DM: I would say good to excellent basic musical talents, and particularly an easy fluency with music notation. I don’t remember not being able to read music; it just seemed obvious to me. The central things, however, are a keen interest in musical sound for its own sake, the ability to focus sharply for extended periods, and most importantly tenacity – the capacity to keep coming back to the work regardless of how you feel.
NR: What influential figures have brought you to the success you have achieved today?
DM: The most important were my major teachers. My primary teacher in composition was Herbert Owen Reed at Michigan State University. He was my teacher and mentor for five years. I worked for him as a copyist before there were computers, and as an assistant for his performances. Other well-known people whom I did not know directly but whose lives and work served as models for me include Abraham Lincoln, Carl Jung, Martin Luther King, Jr., and composers such as Beethoven, Brahms, Stravinsky, Shostakovich, Bartok, among many others.
NR: Which of the pieces that you have composed is the most meaningful to you as an individual? Have you written any pieces specifically for someone else?
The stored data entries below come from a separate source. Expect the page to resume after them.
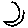
Label: moon
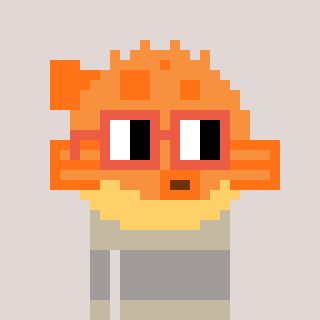
a pixel art character with square orange glasses, a pufferfish-shaped head and a bege-colored body on a warm background
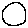
Label: circle
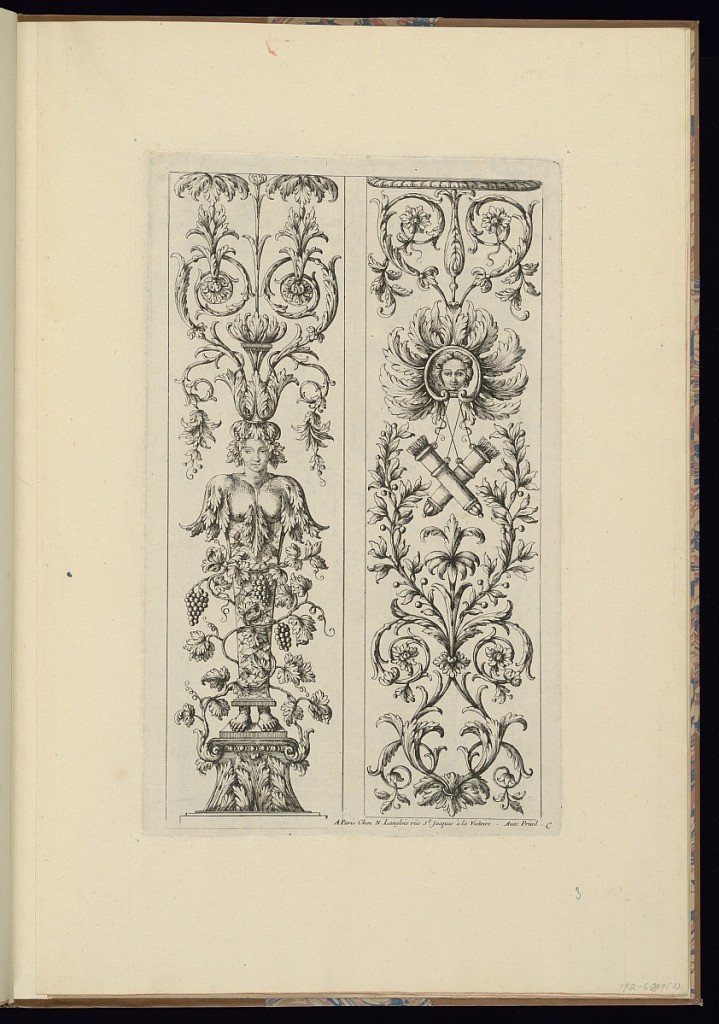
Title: Two Panels of Ornament Design
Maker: Charles Errard, French, c. 1601 - 1689
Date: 1664-1689
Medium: Engraving on laid paper
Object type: Print
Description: Two vertical panels of ornament design. The left panel depicts a term wrapped in grape vine and with scrolling acanthus leaf. The right panel has all-over scrolling acanthus leaf and a mascaron with two quivers hanging below it. The plate is numbered but not signed.
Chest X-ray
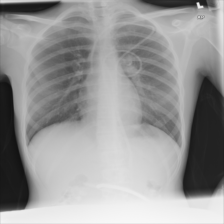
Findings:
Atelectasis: negative
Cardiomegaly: negative
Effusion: negative
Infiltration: negative
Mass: negative
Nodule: negative
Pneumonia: negative
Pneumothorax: negative
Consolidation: negative
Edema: negative
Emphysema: negative
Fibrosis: negative
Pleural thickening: negative
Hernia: negative
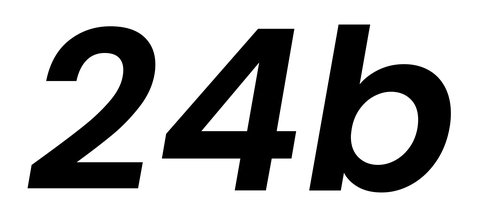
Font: Poppins-SemiBoldItalic
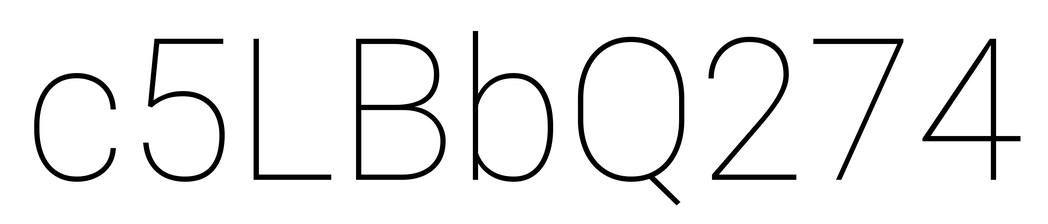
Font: Roboto_Thin
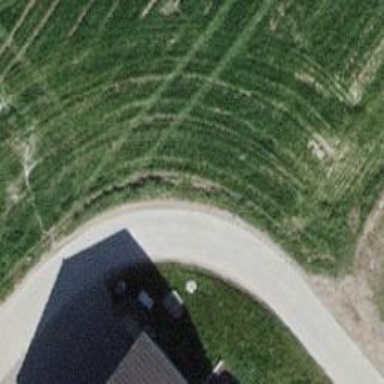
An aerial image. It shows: Driveway.
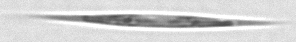
Label: Calciosolenia_brasiliensis
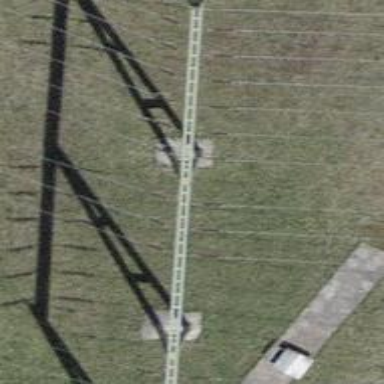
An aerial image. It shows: Insulator used in power equipment.
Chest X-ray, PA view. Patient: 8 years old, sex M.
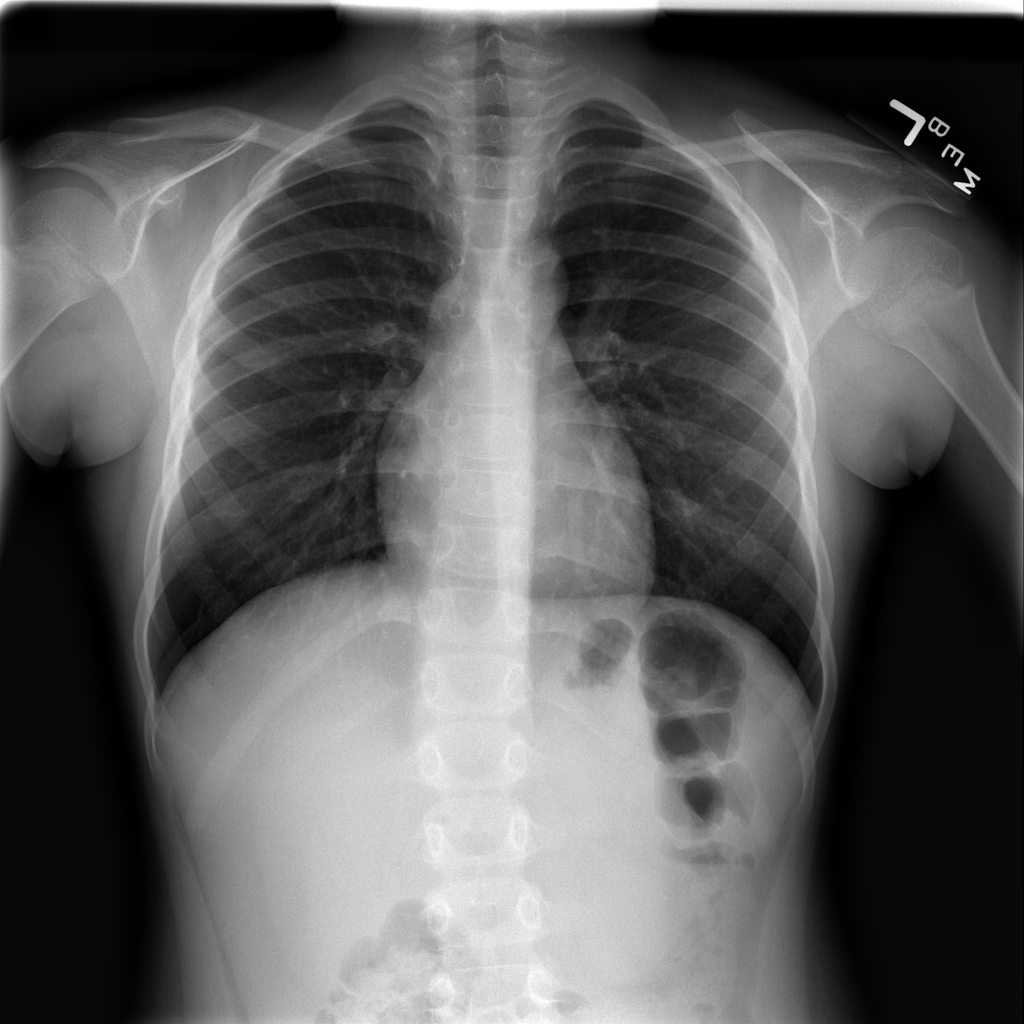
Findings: No Finding
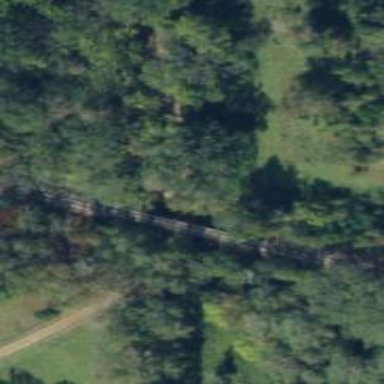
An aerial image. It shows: Preserved railway bridge.
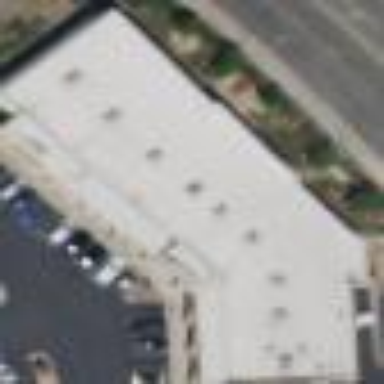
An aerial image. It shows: Flat roof retail building.
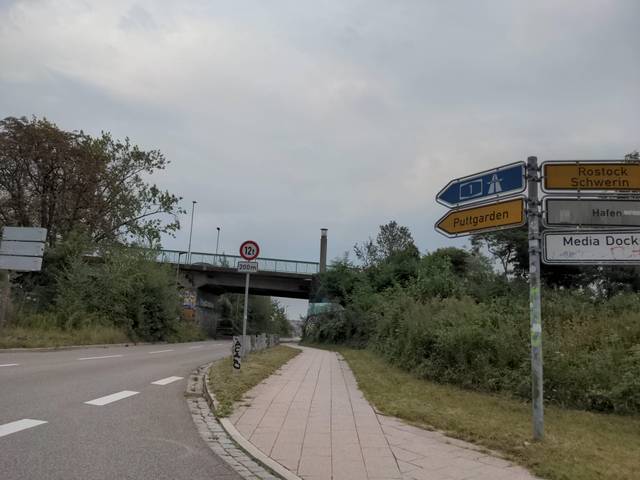
Region: Germany
Coordinates: 53.872, 10.678
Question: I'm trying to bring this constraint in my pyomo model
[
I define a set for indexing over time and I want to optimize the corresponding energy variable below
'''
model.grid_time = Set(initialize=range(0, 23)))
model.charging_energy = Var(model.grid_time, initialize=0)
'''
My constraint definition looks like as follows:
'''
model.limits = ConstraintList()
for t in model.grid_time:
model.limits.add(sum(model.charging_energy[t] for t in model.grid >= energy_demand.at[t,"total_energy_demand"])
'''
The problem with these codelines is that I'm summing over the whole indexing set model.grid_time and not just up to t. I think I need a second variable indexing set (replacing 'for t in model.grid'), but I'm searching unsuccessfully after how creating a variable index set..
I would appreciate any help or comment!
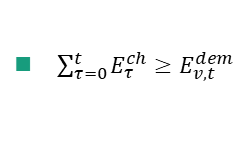
Answer: Would something like this work?
'''
def Sum_rule(model, v, t):
return sum(model.Ech[t2] for t2 in model.grid_time if t2 <= t) <= model.Edem[v,t]
model.Sum_constraint = Constraint(model.grid_time, model.V, rule=Sum_rule)
'''
Essentially, what happens is that the 't' in the 'Sum_rule(model, v, t)' makes sure that the constraint is called for each 't' in 'model.grid_times'. The 't2' in the sum is also part of 'model.grid_times', but it will only take values that are smaller than the 't' at which the constraint is called.
I am not sure if my constraint matches exactly your notation, as you have not provided all the information required (e.g. regarding the subscript 'v' of the 'E^dem' variable, but it will basically do what you want with the sum.
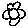
Label: flower
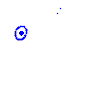
Particle: pion
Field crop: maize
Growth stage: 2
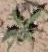
Species: atriplex
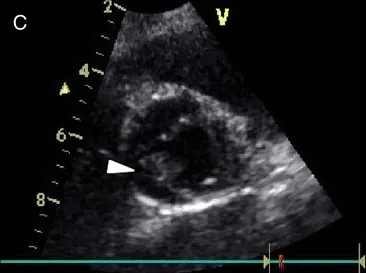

DM: Each piece has its important reasons for being. By categories the most important pieces to me are my symphonies, my concertos, and chamber music. But the single most important piece is probably my Mass. The central theme of the Mass is inner transformation, the movement from self-orientation to compassion. I think every person has a deep instinctive draw to this theme. I discovered the idea of the Mass in my 20s, and began to think about composing one. I realized very quickly that I had neither the life experience nor inner awareness necessary. It took me another 25 years before I felt ready. My Mass was composed between 1994 and 1996. It was the culmination of all my thinking and feeling to that point, and has been the foundation for all my composing since. That said, I am not a practicing Christian.
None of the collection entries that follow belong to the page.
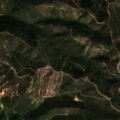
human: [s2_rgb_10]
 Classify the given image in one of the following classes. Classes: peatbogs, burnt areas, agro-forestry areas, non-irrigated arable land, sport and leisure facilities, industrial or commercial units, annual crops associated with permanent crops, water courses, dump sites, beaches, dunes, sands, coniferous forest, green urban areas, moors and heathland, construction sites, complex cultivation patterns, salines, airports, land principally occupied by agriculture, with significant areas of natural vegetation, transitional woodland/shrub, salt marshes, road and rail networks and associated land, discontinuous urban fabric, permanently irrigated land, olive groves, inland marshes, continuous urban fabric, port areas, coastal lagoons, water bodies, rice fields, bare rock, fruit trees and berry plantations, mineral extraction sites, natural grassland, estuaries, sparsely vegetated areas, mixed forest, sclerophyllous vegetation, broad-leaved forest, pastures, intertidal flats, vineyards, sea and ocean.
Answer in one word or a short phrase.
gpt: broad-leaved forest, sclerophyllous vegetation, transitional woodland/shrub
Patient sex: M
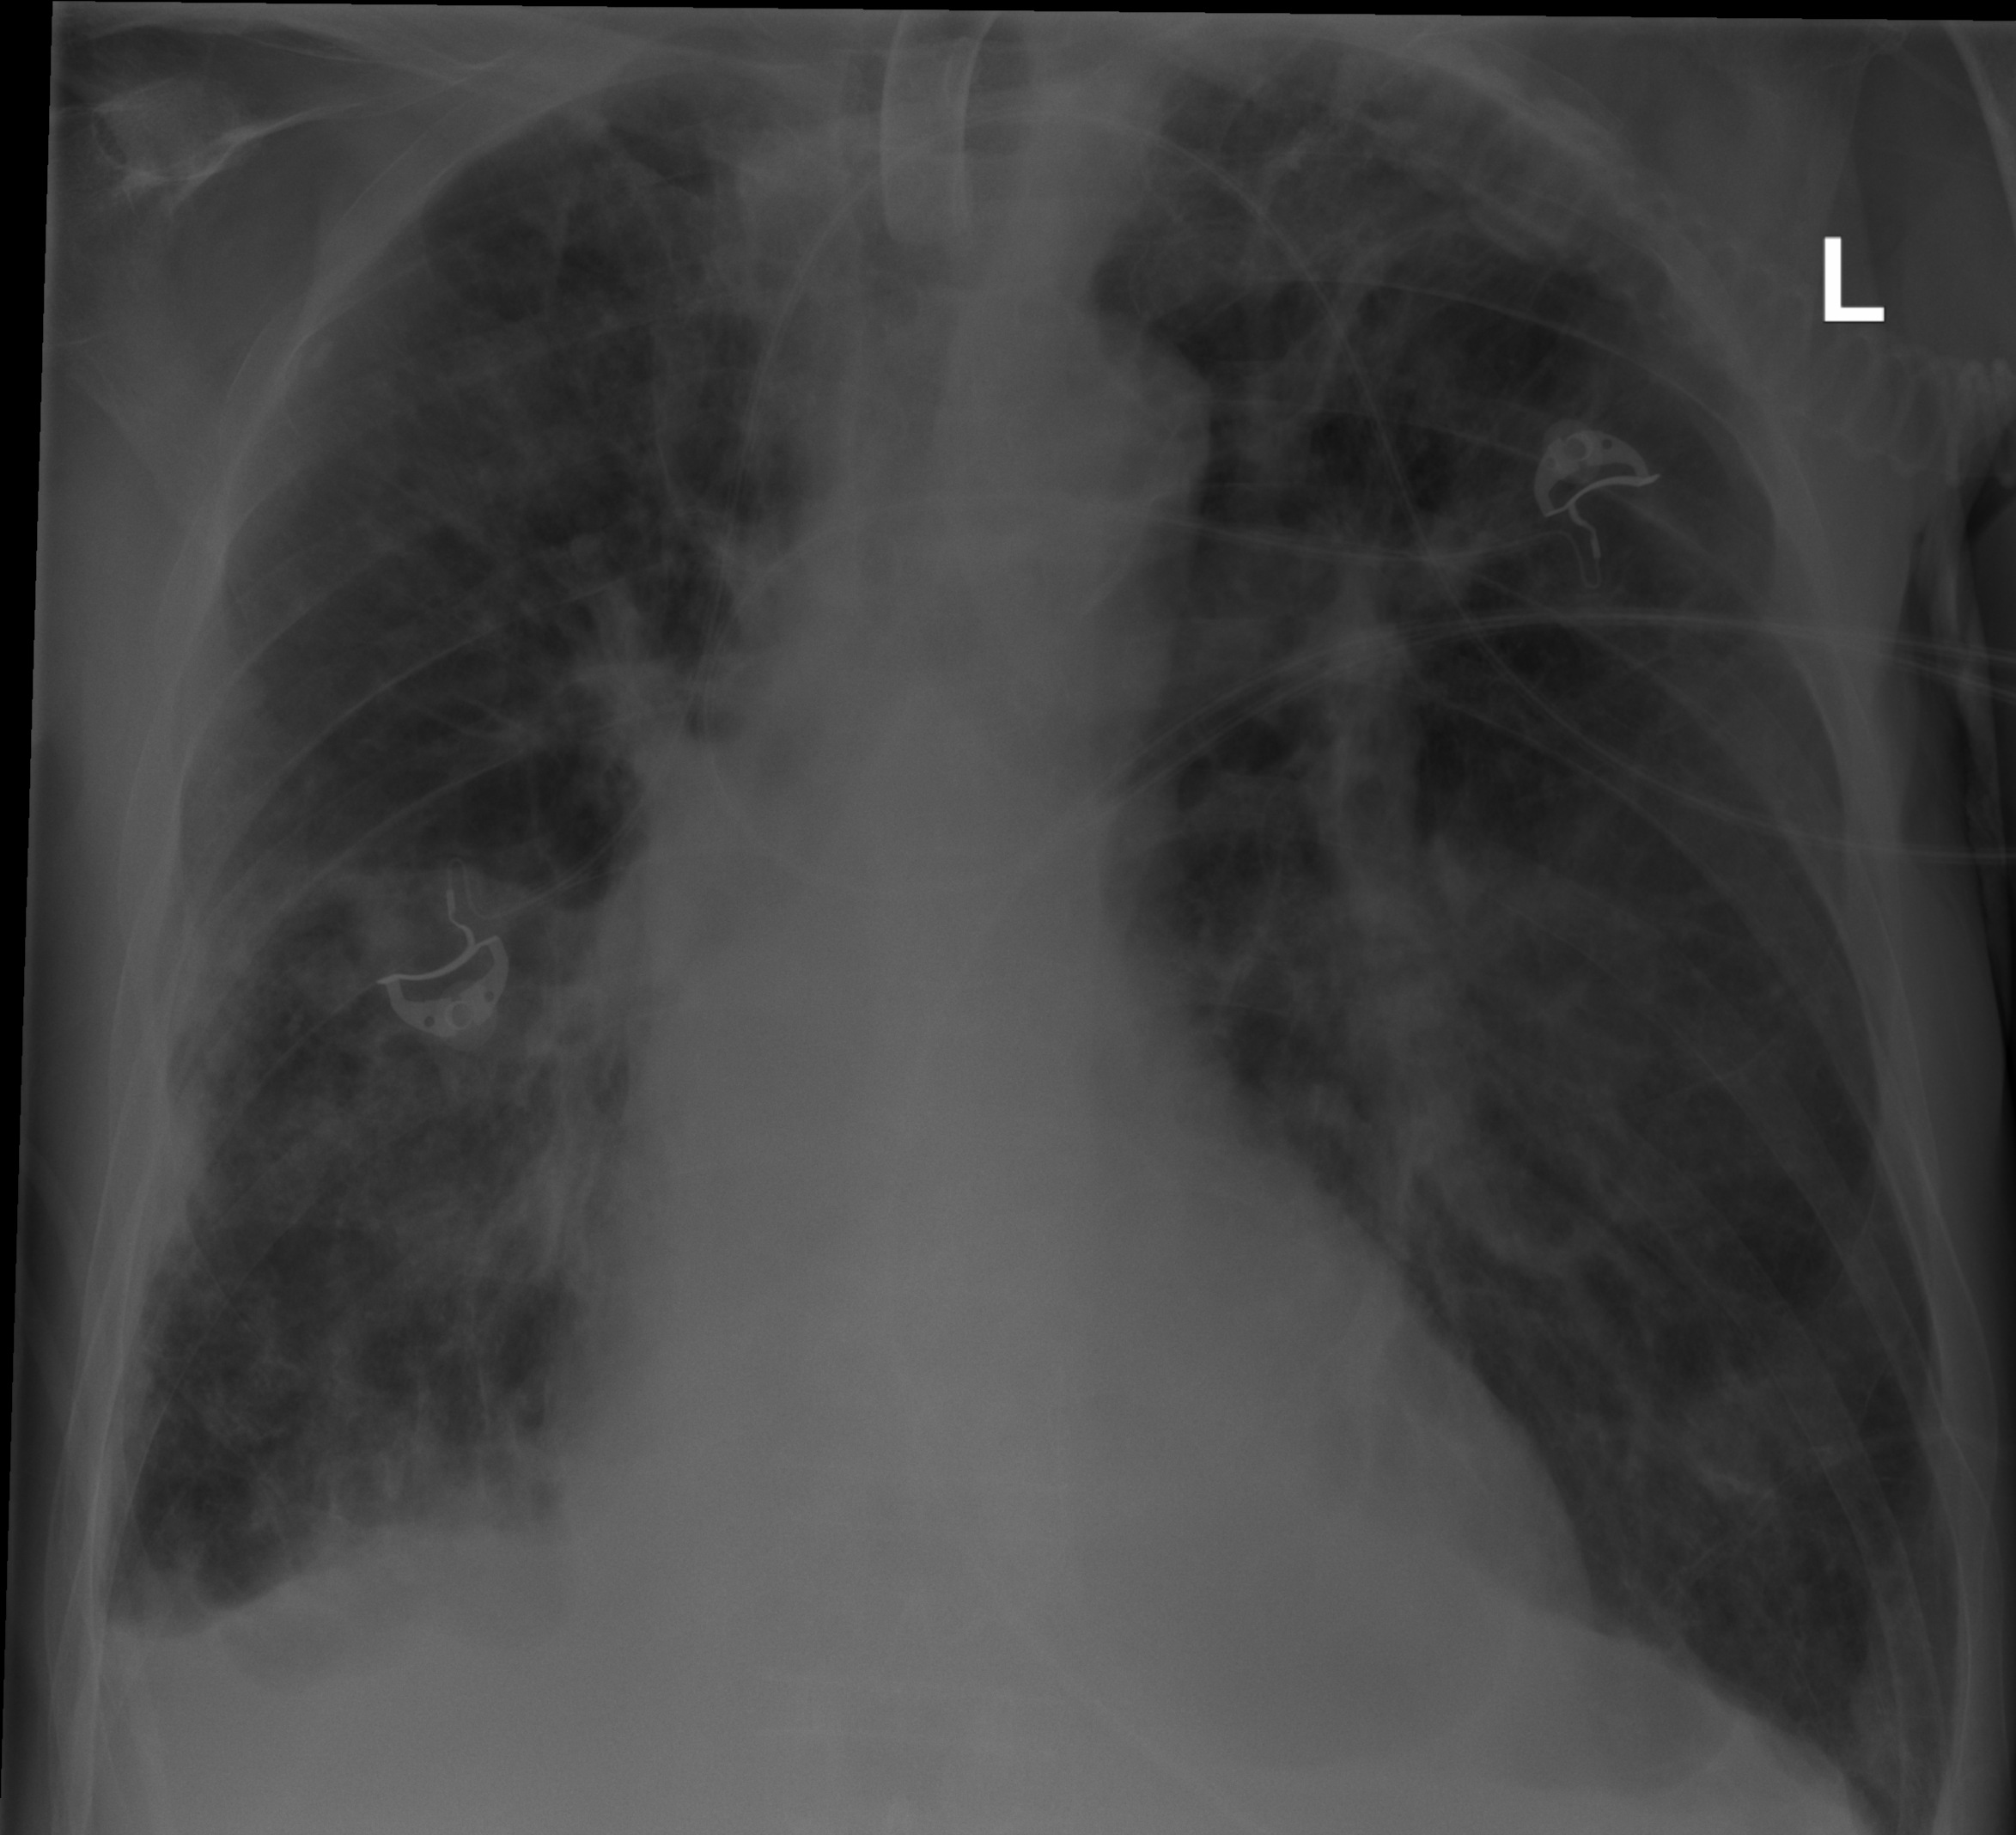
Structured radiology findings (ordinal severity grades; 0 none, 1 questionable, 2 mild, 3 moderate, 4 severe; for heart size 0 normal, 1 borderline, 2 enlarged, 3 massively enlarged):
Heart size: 0
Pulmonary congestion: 0
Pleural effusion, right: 0
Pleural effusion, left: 0
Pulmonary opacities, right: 2
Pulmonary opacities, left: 2
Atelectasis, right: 2
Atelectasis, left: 2

NR: What inspires you to write music?
DM: I can say that the need to compose is always with me. I can’t say that I am directly inspired by any one thing, that this idea/feeling/experience is the cause of this music. All of experience is the filter through which the impulse to compose makes its way. That impulse comes from a place well beyond my conscious mind. I think of it as universal mind. This is not something apart from us but the very core of who we are. I am moved to compose when people ask me for music. It is my work to find the flow from universal mind that meets the need of the people asking for music. I guess that that can be called inspiration.
NR: How have you developed your style of music throughout your years of writing?
DM: The development of style is a thing that proceeds entirely on its own. My job is not consciously to try to invent a unique personal style but simply to listen as closely as possible to what each moment of music wants to be. This constantly surprises me. The music becomes what *it* wants to be rather than what I think it should be. I find myself constantly being brought along into new ways of thinking and feeling. This is how style develops.
NR: What does music mean to you? Do you feel your music contributes to society and the world?
DM: I think you might already have some idea of what music means to me from what I have written above. Vibration is the core of everything, and musical vibration is the element that allows for transformation at every level of our being – spiritual, emotional, physical. My music has been an important focusing element for many, many people, especially young people, as they move through transformation points in their lives. I travel a lot and will often meet people who tell me that they played a piece of mine in school ten, twenty, or even thirty or more years ago. And they don’t remember the name of the piece, or very much about the actual music, but they profoundly remember the experience and the change that it brought. This is what I know my music contributes to society and to the world.